110 Herculis

Observation data Epoch J2000 Equinox ICRS
- Constellation: Hercules
- Right ascension: 18^{h} 45^{m} 39.72570^{s}
- Declination: +20° 32′ 46.7171″
- Apparent magnitude (V): 4.19

Characteristics
- Evolutionary stage: main sequence
- Spectral type: F6V
- U−B color index: +0.005
- B−V color index: +0.45

Astrometry
- Radial velocity (R_{v}): 23.37±0.1 km/s
- Proper motion (μ): RA: −8.87 mas/yr Dec.: −334.56 mas/yr
- Parallax (π): 52.06±0.25 mas
- Distance: 62.7 ± 0.3 ly (19.21 ± 0.09 pc)
- Absolute magnitude (M_{V}): 2.77

Details
- Mass: 1.4–1.7 M_{☉}
- Radius: 2.005±0.042 R_{☉}
- Luminosity: 5.68±0.25 L_{☉}
- Surface gravity (log g): 3.93±0.02 cgs
- Temperature: 6,303±21 K
- Metallicity [Fe/H]: +0.04 dex
- Rotation: <7.2 days
- Rotational velocity (v sin i): 14.08 km/s
- Age: 1.6–4.7 Gyr
- Other designations: BD+20°3926, FK5 703, GJ 725.2, GJ 9635, HD 173667, HIP 92043, HR 7061, SAO 86406

Database references
- SIMBAD: data
- ARICNS: data

= 110 Herculis =

Star in the constellation Hercules

110 Herculis (abbreviated to 110 Her) is a star in the northern constellation of Hercules. Its apparent magnitude is 4.19, and it can be faintly seen with the naked eye, according to the Bortle scale. Based on parallax estimates made by the Hipparcos spacecraft, the star is located fairly close, about 62.7 light-years (19.21 parsecs) away.

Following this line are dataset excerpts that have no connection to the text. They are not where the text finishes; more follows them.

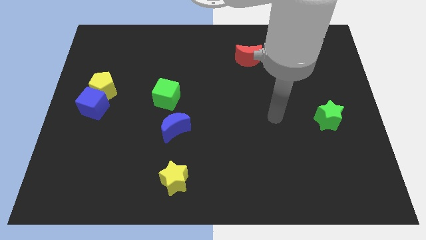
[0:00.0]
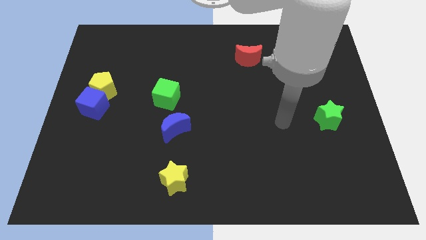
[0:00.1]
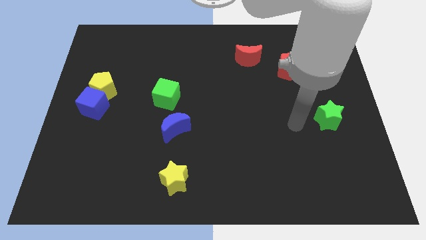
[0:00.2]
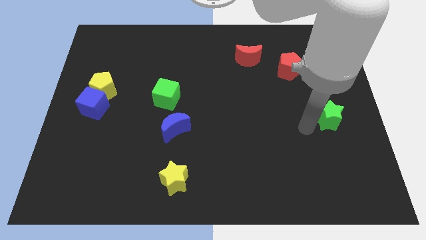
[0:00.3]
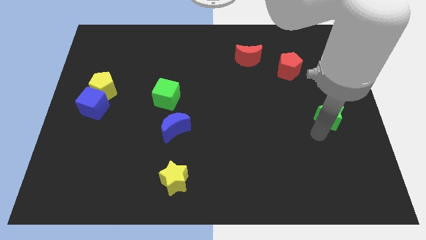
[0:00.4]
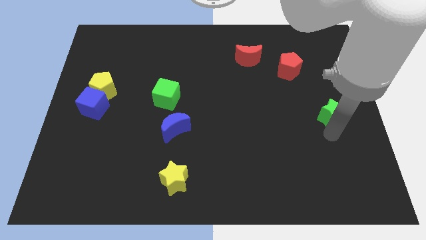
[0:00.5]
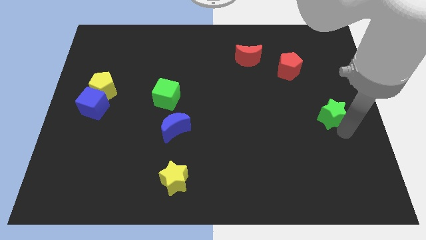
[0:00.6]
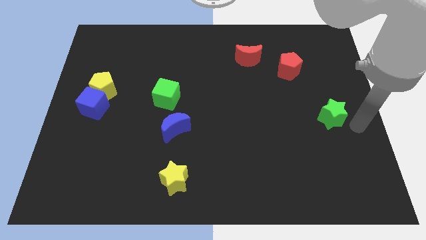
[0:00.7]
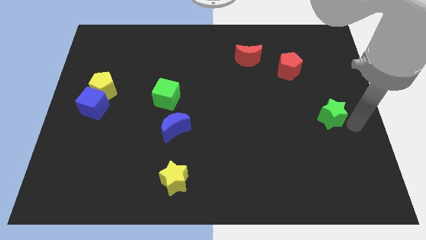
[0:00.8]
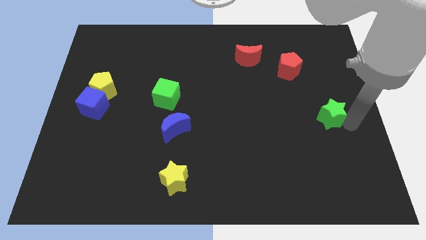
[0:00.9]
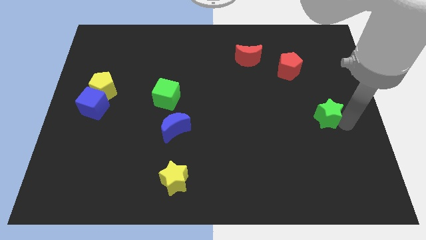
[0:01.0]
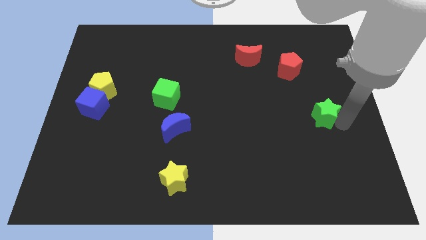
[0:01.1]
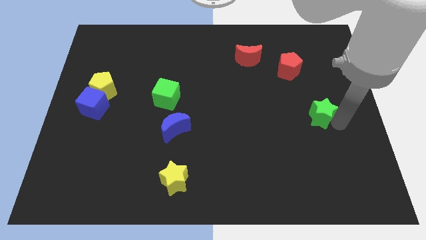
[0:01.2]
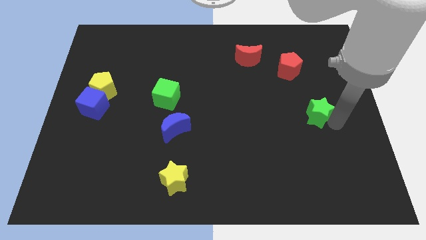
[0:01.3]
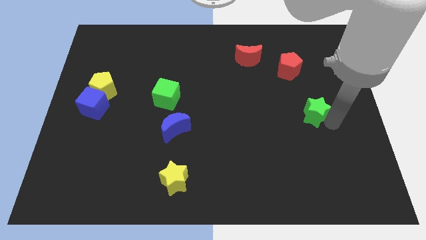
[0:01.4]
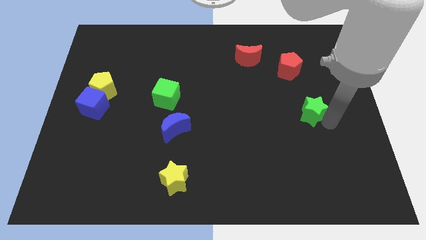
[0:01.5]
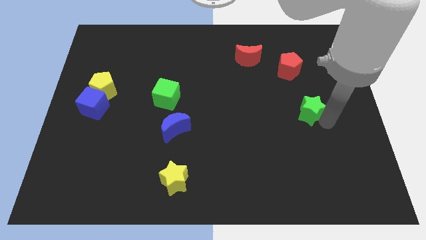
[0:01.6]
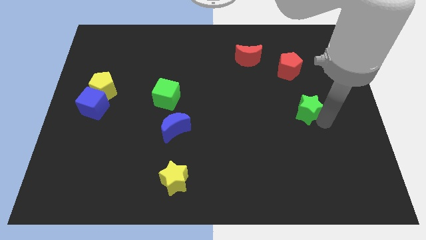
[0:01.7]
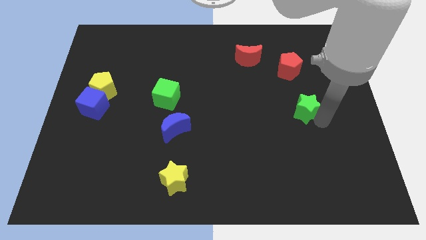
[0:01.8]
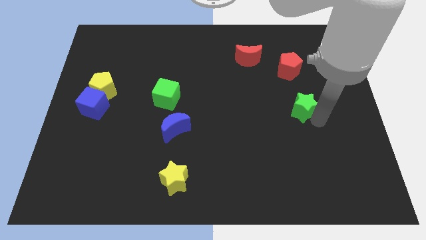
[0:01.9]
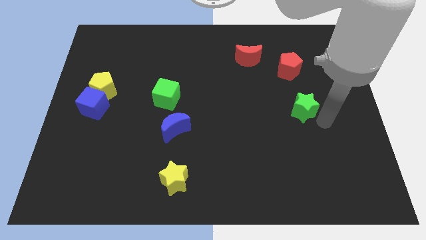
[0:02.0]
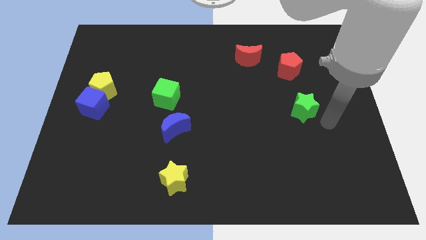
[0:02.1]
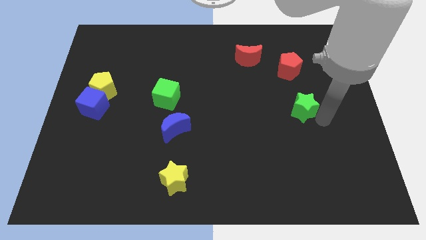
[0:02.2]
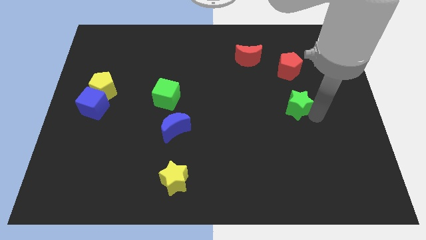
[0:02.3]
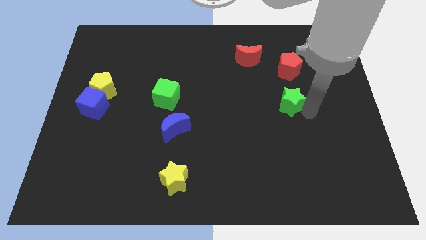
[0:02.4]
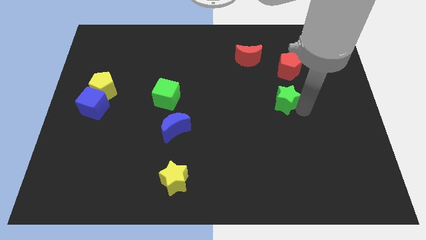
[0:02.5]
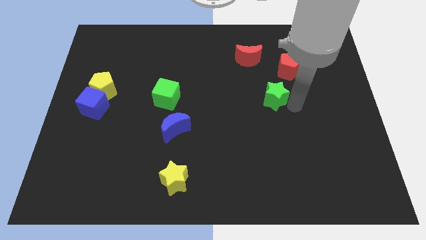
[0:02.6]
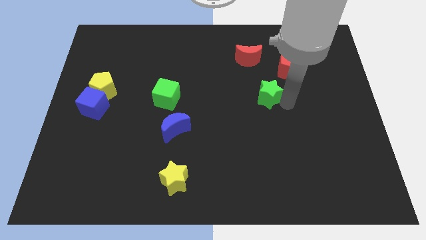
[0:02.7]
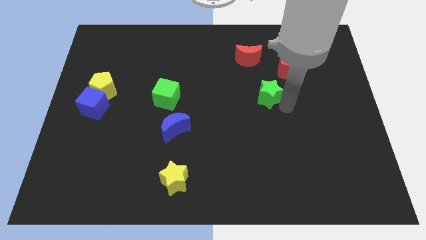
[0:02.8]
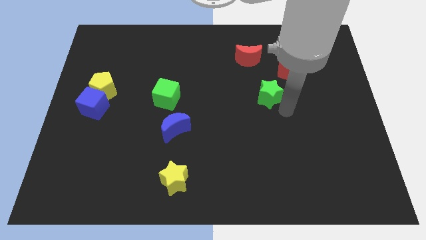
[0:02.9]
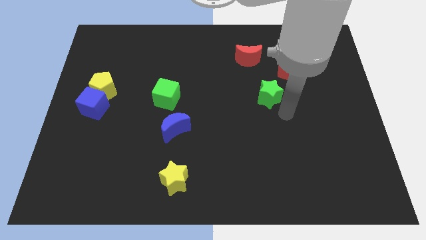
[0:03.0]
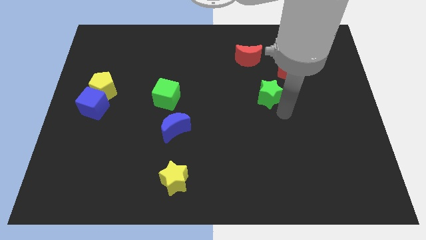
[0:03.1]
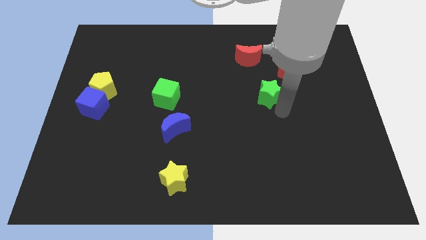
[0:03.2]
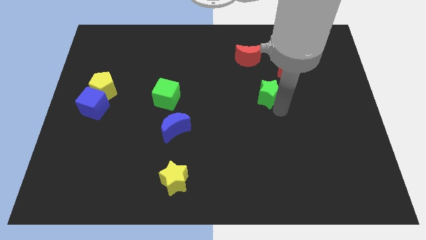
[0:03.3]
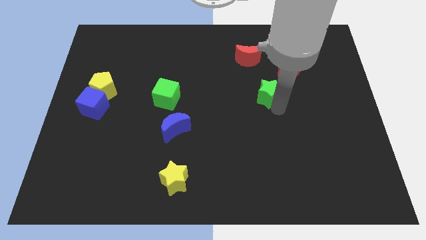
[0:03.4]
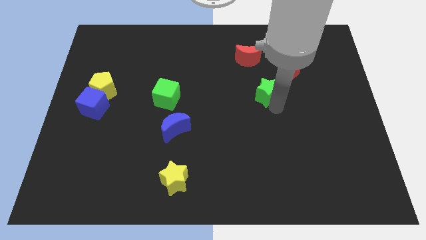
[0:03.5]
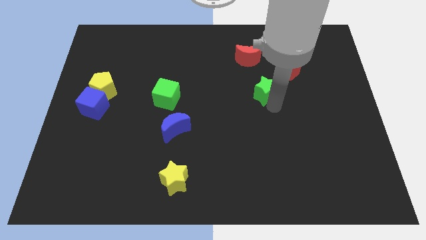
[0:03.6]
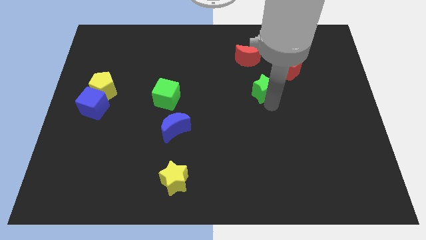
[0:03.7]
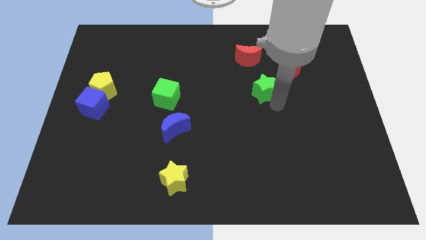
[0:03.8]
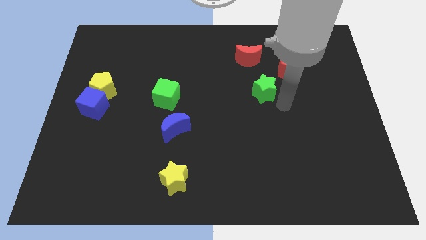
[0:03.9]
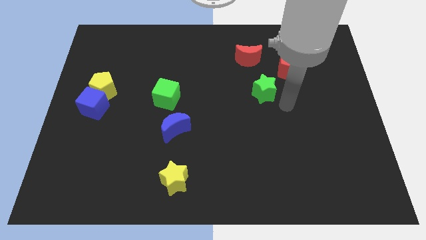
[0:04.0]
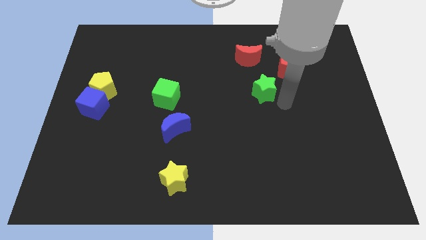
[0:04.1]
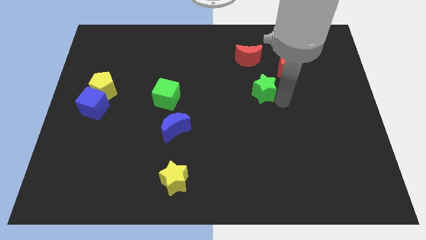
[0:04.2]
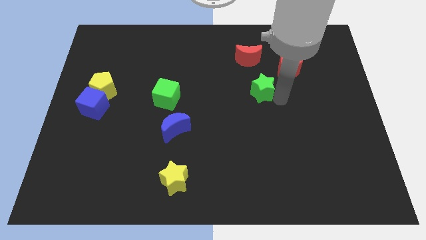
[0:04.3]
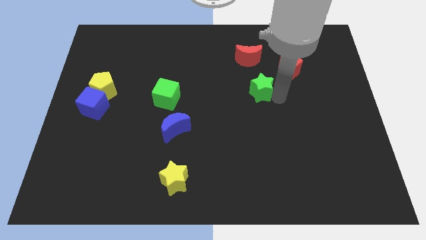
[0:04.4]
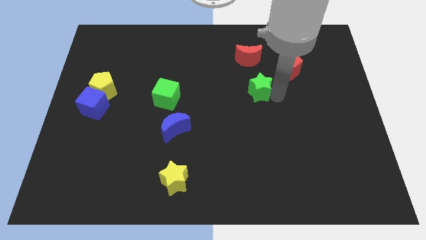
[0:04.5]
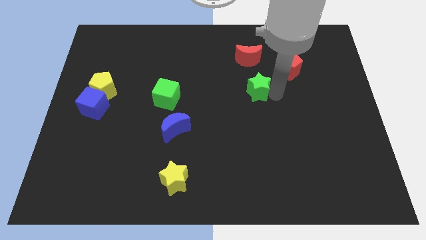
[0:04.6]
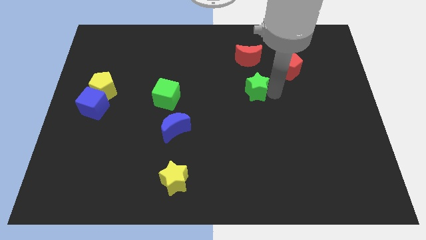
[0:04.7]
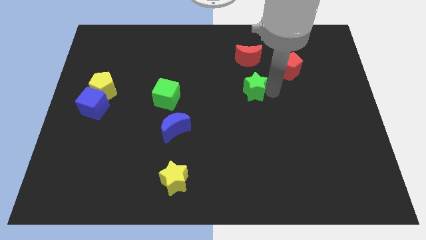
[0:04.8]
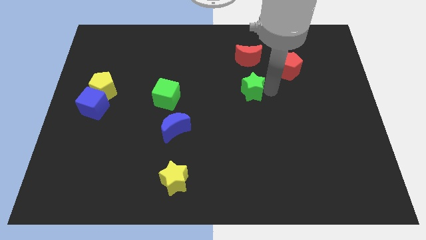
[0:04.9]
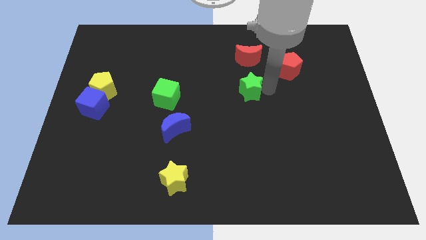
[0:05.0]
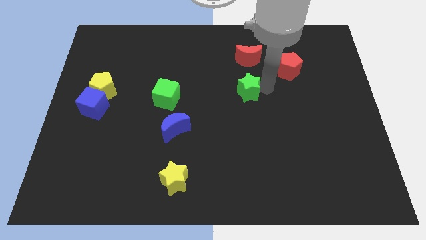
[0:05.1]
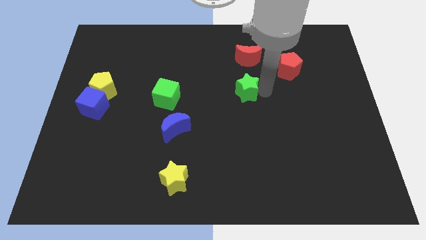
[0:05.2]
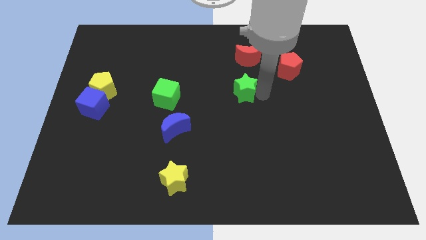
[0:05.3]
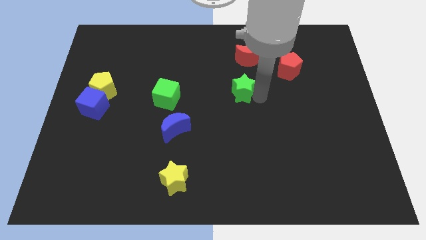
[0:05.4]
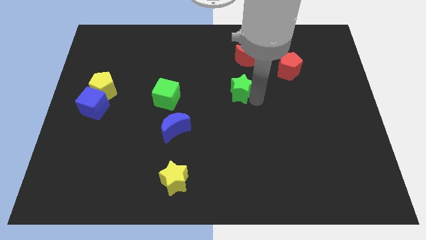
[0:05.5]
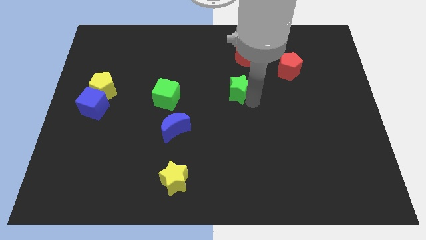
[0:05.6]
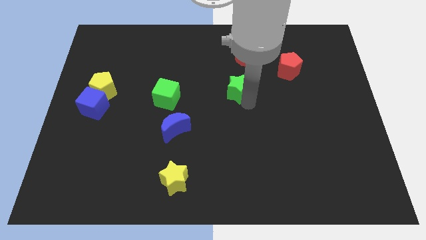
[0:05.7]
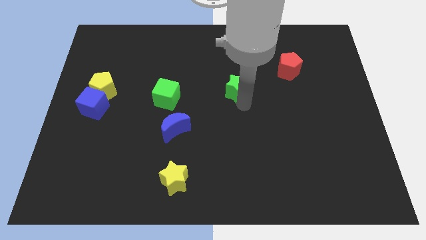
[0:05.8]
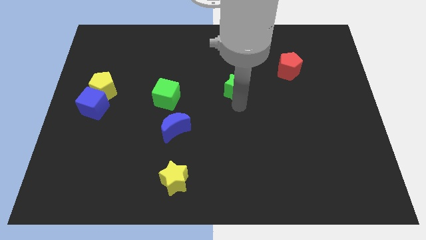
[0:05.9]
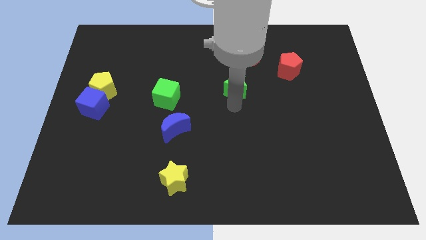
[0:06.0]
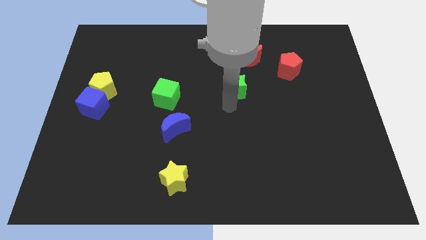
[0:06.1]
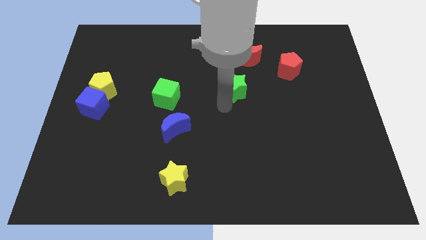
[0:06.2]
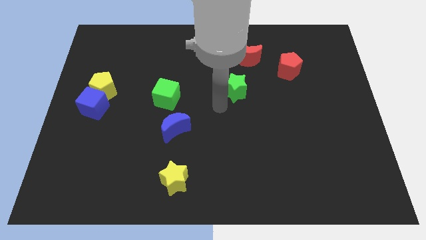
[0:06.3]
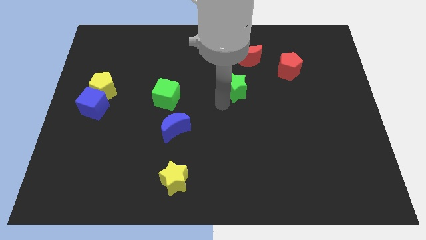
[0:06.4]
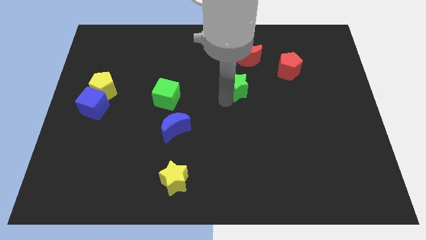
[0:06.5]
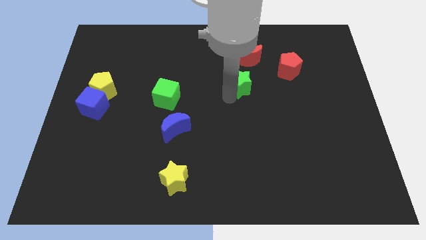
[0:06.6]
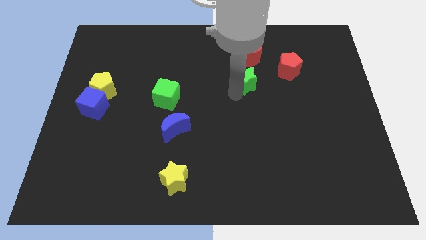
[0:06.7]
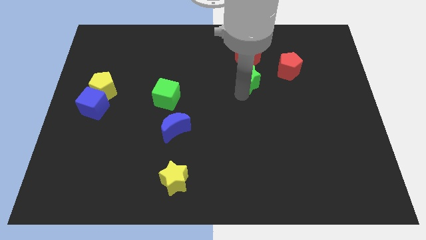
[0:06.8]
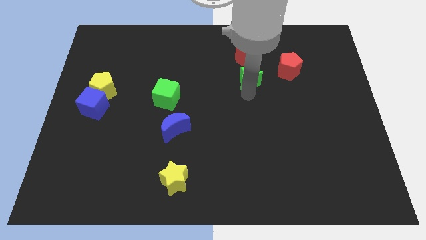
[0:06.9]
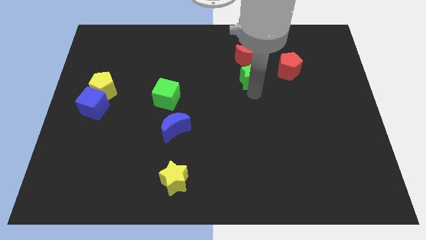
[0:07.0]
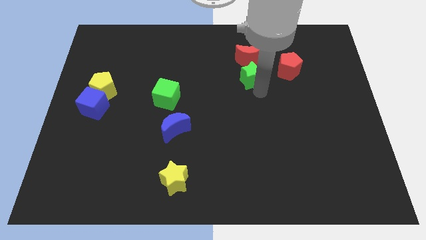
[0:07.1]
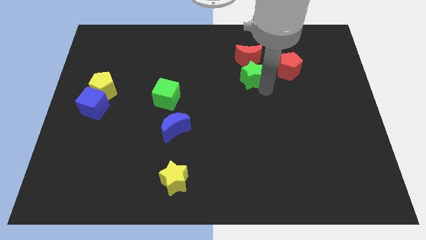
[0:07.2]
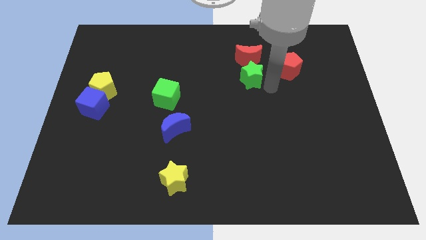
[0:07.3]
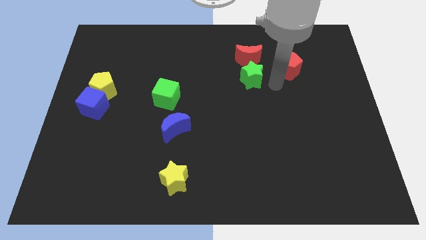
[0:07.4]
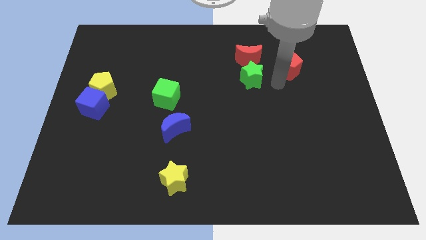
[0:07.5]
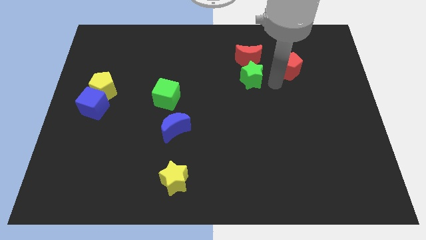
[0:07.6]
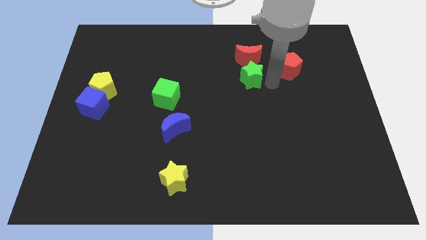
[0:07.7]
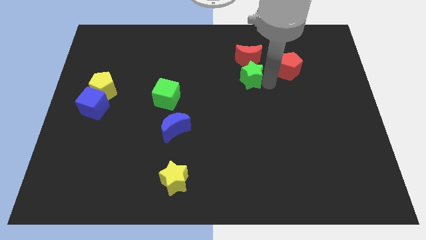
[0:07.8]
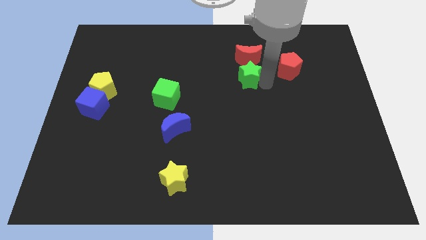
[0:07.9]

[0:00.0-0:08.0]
slide the green star to the bottom left side of the red moon

110 Herculis has a spectrum matching that of an F-type main-sequence star. It is about 1.4 to 1.7 times more massive than the Sun, and about two times wider than the Sun. Its effective temperature is about 6400 K. An infrared excess has been detected, indicating the presence of a circumstellar disk.

110 Herculis is the 17th-brightest star in the constellation. It is located in the sky about halfway between Rasalhague in Ophiuchus and Albireo in Cygnus, offset a trifle west. 110 Herculis, along with its apparent neighbors 111 Herculis, 112 Herculis, and 113 Herculis lie close to the eastern edge of the constellation of Hercules.